* [ASSIGNMENT] Print out all of the data below, keeping it identical to the original.

☆ ☆ ☆ ☆ ☆

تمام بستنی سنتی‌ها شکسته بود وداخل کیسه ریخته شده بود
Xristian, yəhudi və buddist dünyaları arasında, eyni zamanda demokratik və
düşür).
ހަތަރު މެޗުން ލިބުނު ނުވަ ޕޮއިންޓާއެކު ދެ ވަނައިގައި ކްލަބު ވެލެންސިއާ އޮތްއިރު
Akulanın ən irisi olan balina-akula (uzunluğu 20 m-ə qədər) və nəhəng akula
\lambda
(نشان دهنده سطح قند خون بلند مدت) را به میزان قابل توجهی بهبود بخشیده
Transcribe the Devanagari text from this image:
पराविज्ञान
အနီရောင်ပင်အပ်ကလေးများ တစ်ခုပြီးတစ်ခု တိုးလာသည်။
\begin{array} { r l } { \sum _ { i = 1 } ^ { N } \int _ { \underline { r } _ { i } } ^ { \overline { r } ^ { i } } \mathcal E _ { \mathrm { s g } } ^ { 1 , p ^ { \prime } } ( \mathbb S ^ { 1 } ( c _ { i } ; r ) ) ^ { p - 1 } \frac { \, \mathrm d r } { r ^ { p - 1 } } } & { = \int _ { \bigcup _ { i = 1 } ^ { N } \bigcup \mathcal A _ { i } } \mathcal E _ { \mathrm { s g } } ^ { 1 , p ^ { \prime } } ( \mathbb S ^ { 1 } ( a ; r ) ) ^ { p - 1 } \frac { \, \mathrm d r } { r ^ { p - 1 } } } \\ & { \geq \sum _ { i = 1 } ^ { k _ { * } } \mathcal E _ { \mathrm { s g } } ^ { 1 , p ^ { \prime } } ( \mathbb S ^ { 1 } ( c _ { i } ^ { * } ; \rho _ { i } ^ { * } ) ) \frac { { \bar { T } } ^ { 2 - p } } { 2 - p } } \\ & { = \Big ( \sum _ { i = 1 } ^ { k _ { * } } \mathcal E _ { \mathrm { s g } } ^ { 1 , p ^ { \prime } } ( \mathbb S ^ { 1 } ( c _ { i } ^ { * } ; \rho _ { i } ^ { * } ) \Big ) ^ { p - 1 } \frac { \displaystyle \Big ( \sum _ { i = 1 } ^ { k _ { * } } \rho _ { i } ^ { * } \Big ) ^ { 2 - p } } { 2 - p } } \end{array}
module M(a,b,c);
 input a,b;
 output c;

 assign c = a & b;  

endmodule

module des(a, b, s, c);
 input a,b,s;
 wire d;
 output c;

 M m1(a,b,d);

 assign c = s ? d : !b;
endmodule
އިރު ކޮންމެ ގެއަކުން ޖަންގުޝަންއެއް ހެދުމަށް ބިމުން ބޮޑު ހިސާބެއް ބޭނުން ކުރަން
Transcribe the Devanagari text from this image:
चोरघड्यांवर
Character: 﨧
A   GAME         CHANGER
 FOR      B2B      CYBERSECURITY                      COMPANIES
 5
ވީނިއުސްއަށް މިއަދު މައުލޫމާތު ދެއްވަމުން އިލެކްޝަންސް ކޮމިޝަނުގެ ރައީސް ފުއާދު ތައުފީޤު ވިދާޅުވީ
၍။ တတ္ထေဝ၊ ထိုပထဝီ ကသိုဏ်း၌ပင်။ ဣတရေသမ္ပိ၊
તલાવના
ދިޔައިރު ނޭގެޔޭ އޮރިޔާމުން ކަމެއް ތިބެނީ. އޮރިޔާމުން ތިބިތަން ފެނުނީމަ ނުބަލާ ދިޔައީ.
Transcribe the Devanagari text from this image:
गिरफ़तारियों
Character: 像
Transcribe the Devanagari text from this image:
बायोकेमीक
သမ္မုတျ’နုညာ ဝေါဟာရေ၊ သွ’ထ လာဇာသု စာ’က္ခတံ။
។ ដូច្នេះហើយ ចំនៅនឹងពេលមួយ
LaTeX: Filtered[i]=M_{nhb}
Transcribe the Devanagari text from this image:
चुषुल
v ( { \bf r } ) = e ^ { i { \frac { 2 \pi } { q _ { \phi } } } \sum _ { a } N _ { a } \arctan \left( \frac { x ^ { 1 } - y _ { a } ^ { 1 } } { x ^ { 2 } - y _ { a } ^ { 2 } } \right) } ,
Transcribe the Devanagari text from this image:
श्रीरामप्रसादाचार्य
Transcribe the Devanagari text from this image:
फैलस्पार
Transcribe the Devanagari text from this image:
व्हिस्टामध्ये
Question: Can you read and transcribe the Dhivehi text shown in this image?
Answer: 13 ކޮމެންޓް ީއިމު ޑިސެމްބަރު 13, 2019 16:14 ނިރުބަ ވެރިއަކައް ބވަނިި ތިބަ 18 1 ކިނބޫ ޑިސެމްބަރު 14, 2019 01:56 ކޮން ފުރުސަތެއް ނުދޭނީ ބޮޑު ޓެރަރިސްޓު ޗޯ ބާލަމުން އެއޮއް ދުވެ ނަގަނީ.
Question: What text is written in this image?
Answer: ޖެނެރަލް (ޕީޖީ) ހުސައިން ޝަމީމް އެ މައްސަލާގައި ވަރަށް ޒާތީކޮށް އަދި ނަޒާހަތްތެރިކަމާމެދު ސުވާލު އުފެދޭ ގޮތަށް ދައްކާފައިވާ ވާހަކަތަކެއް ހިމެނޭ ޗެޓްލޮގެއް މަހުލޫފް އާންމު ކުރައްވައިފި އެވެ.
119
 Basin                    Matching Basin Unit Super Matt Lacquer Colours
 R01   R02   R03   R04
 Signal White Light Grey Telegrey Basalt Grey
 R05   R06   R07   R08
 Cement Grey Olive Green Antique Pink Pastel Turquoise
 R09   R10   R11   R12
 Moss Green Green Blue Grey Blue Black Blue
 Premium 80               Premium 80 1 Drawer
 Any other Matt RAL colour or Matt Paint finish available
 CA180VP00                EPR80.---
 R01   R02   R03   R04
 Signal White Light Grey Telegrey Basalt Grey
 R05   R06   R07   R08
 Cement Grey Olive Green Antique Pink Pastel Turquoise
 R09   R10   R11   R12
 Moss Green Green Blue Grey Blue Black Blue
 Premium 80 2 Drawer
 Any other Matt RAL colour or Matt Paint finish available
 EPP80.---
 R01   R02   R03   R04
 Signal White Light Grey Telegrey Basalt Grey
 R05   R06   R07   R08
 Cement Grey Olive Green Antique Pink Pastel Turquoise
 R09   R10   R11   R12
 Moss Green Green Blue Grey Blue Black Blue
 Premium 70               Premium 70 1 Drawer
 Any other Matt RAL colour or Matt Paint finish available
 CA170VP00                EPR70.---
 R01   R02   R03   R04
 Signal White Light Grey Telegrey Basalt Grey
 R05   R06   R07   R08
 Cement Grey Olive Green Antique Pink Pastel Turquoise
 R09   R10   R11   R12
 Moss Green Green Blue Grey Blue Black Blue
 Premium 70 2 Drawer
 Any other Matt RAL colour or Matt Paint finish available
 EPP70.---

☆ ☆ ☆ ☆ ☆

* [RESULT OF THIS TASK]
تمام بستنی سنتی‌ها شکسته بود وداخل کیسه ریخته شده بود
Xristian, yəhudi və buddist dünyaları arasında, eyni zamanda demokratik və
düşür).
ހަތަރު މެޗުން ލިބުނު ނުވަ ޕޮއިންޓާއެކު ދެ ވަނައިގައި ކްލަބު ވެލެންސިއާ އޮތްއިރު
Akulanın ən irisi olan balina-akula (uzunluğu 20 m-ə qədər) və nəhəng akula
\lambda
(نشان دهنده سطح قند خون بلند مدت) را به میزان قابل توجهی بهبود بخشیده
Transcribe the Devanagari text from this image:
पराविज्ञान
အနီရောင်ပင်အပ်ကလေးများ တစ်ခုပြီးတစ်ခု တိုးလာသည်။
\begin{array} { r l } { \sum _ { i = 1 } ^ { N } \int _ { \underline { r } _ { i } } ^ { \overline { r } ^ { i } } \mathcal E _ { \mathrm { s g } } ^ { 1 , p ^ { \prime } } ( \mathbb S ^ { 1 } ( c _ { i } ; r ) ) ^ { p - 1 } \frac { \, \mathrm d r } { r ^ { p - 1 } } } & { = \int _ { \bigcup _ { i = 1 } ^ { N } \bigcup \mathcal A _ { i } } \mathcal E _ { \mathrm { s g } } ^ { 1 , p ^ { \prime } } ( \mathbb S ^ { 1 } ( a ; r ) ) ^ { p - 1 } \frac { \, \mathrm d r } { r ^ { p - 1 } } } \\ & { \geq \sum _ { i = 1 } ^ { k _ { * } } \mathcal E _ { \mathrm { s g } } ^ { 1 , p ^ { \prime } } ( \mathbb S ^ { 1 } ( c _ { i } ^ { * } ; \rho _ { i } ^ { * } ) ) \frac { { \bar { T } } ^ { 2 - p } } { 2 - p } } \\ & { = \Big ( \sum _ { i = 1 } ^ { k _ { * } } \mathcal E _ { \mathrm { s g } } ^ { 1 , p ^ { \prime } } ( \mathbb S ^ { 1 } ( c _ { i } ^ { * } ; \rho _ { i } ^ { * } ) \Big ) ^ { p - 1 } \frac { \displaystyle \Big ( \sum _ { i = 1 } ^ { k _ { * } } \rho _ { i } ^ { * } \Big ) ^ { 2 - p } } { 2 - p } } \end{array}
module M(a,b,c);
 input a,b;
 output c;

 assign c = a & b;  

endmodule

module des(a, b, s, c);
 input a,b,s;
 wire d;
 output c;

 M m1(a,b,d);

 assign c = s ? d : !b;
endmodule
އިރު ކޮންމެ ގެއަކުން ޖަންގުޝަންއެއް ހެދުމަށް ބިމުން ބޮޑު ހިސާބެއް ބޭނުން ކުރަން
Transcribe the Devanagari text from this image:
चोरघड्यांवर
Character: 﨧
A   GAME         CHANGER
 FOR      B2B      CYBERSECURITY                      COMPANIES
 5
ވީނިއުސްއަށް މިއަދު މައުލޫމާތު ދެއްވަމުން އިލެކްޝަންސް ކޮމިޝަނުގެ ރައީސް ފުއާދު ތައުފީޤު ވިދާޅުވީ
၍။ တတ္ထေဝ၊ ထိုပထဝီ ကသိုဏ်း၌ပင်။ ဣတရေသမ္ပိ၊
તલાવના
ދިޔައިރު ނޭގެޔޭ އޮރިޔާމުން ކަމެއް ތިބެނީ. އޮރިޔާމުން ތިބިތަން ފެނުނީމަ ނުބަލާ ދިޔައީ.
Transcribe the Devanagari text from this image:
गिरफ़तारियों
Character: 像
Transcribe the Devanagari text from this image:
बायोकेमीक
သမ္မုတျ’နုညာ ဝေါဟာရေ၊ သွ’ထ လာဇာသု စာ’က္ခတံ။
។ ដូច្នេះហើយ ចំនៅនឹងពេលមួយ
LaTeX: Filtered[i]=M_{nhb}
Transcribe the Devanagari text from this image:
चुषुल
v ( { \bf r } ) = e ^ { i { \frac { 2 \pi } { q _ { \phi } } } \sum _ { a } N _ { a } \arctan \left( \frac { x ^ { 1 } - y _ { a } ^ { 1 } } { x ^ { 2 } - y _ { a } ^ { 2 } } \right) } ,
Transcribe the Devanagari text from this image:
श्रीरामप्रसादाचार्य
Transcribe the Devanagari text from this image:
फैलस्पार
Transcribe the Devanagari text from this image:
व्हिस्टामध्ये
Question: Can you read and transcribe the Dhivehi text shown in this image?
Answer: 13 ކޮމެންޓް ީއިމު ޑިސެމްބަރު 13, 2019 16:14 ނިރުބަ ވެރިއަކައް ބވަނިި ތިބަ 18 1 ކިނބޫ ޑިސެމްބަރު 14, 2019 01:56 ކޮން ފުރުސަތެއް ނުދޭނީ ބޮޑު ޓެރަރިސްޓު ޗޯ ބާލަމުން އެއޮއް ދުވެ ނަގަނީ.
Question: What text is written in this image?
Answer: ޖެނެރަލް (ޕީޖީ) ހުސައިން ޝަމީމް އެ މައްސަލާގައި ވަރަށް ޒާތީކޮށް އަދި ނަޒާހަތްތެރިކަމާމެދު ސުވާލު އުފެދޭ ގޮތަށް ދައްކާފައިވާ ވާހަކަތަކެއް ހިމެނޭ ޗެޓްލޮގެއް މަހުލޫފް އާންމު ކުރައްވައިފި އެވެ.
119
 Basin                    Matching Basin Unit Super Matt Lacquer Colours
 R01   R02   R03   R04
 Signal White Light Grey Telegrey Basalt Grey
 R05   R06   R07   R08
 Cement Grey Olive Green Antique Pink Pastel Turquoise
 R09   R10   R11   R12
 Moss Green Green Blue Grey Blue Black Blue
 Premium 80               Premium 80 1 Drawer
 Any other Matt RAL colour or Matt Paint finish available
 CA180VP00                EPR80.---
 R01   R02   R03   R04
 Signal White Light Grey Telegrey Basalt Grey
 R05   R06   R07   R08
 Cement Grey Olive Green Antique Pink Pastel Turquoise
 R09   R10   R11   R12
 Moss Green Green Blue Grey Blue Black Blue
 Premium 80 2 Drawer
 Any other Matt RAL colour or Matt Paint finish available
 EPP80.---
 R01   R02   R03   R04
 Signal White Light Grey Telegrey Basalt Grey
 R05   R06   R07   R08
 Cement Grey Olive Green Antique Pink Pastel Turquoise
 R09   R10   R11   R12
 Moss Green Green Blue Grey Blue Black Blue
 Premium 70               Premium 70 1 Drawer
 Any other Matt RAL colour or Matt Paint finish available
 CA170VP00                EPR70.---
 R01   R02   R03   R04
 Signal White Light Grey Telegrey Basalt Grey
 R05   R06   R07   R08
 Cement Grey Olive Green Antique Pink Pastel Turquoise
 R09   R10   R11   R12
 Moss Green Green Blue Grey Blue Black Blue
 Premium 70 2 Drawer
 Any other Matt RAL colour or Matt Paint finish available
 EPP70.---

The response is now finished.